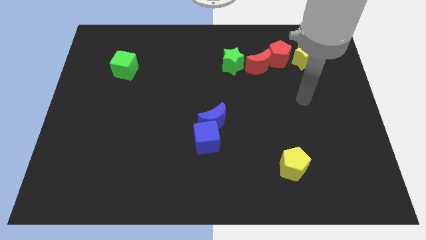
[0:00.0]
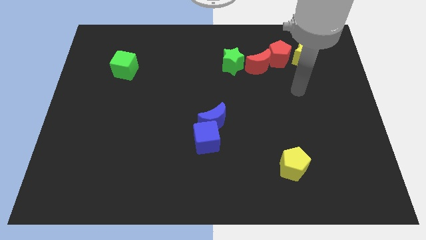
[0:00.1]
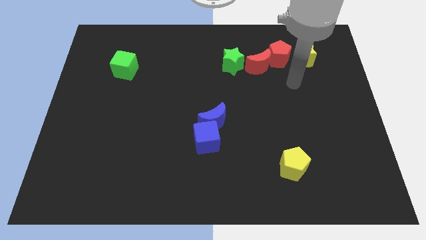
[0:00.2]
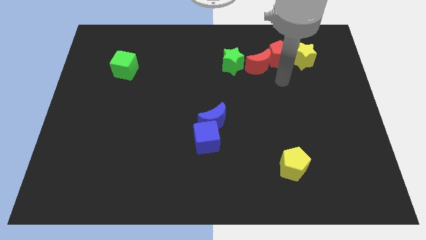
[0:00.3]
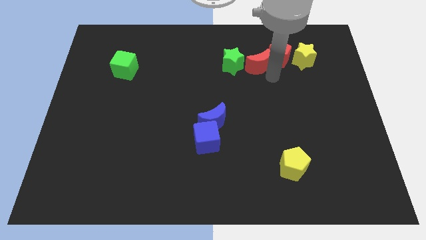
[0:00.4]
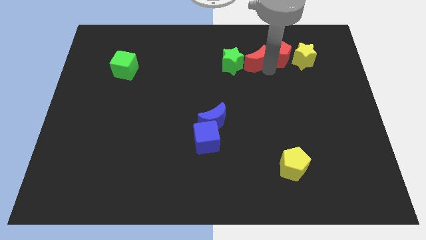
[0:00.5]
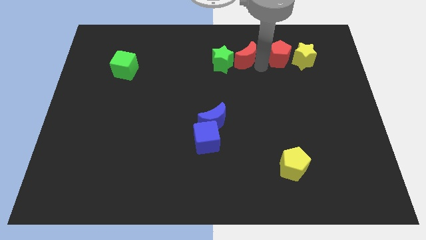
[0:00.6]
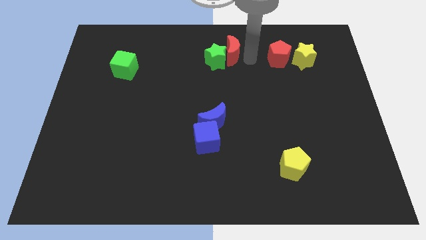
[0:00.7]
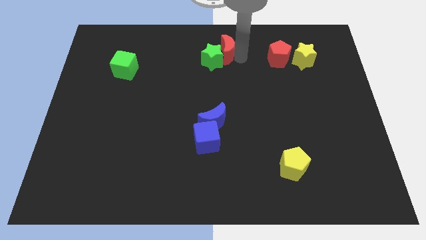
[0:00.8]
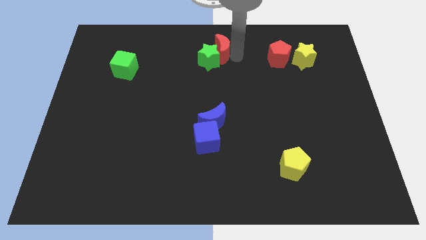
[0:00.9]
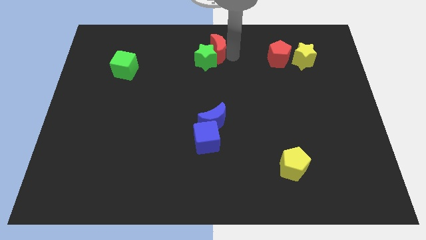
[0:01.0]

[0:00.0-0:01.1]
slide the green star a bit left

— To do —
Since only the text is needed, retype the data above exactly and omit the pictures.

— Reply —
[0:00.0]
[0:00.1]
[0:00.2]
[0:00.3]
[0:00.4]
[0:00.5]
[0:00.6]
[0:00.7]
[0:00.8]
[0:00.9]
[0:01.0]

[0:00.0-0:01.1]
slide the green star a bit left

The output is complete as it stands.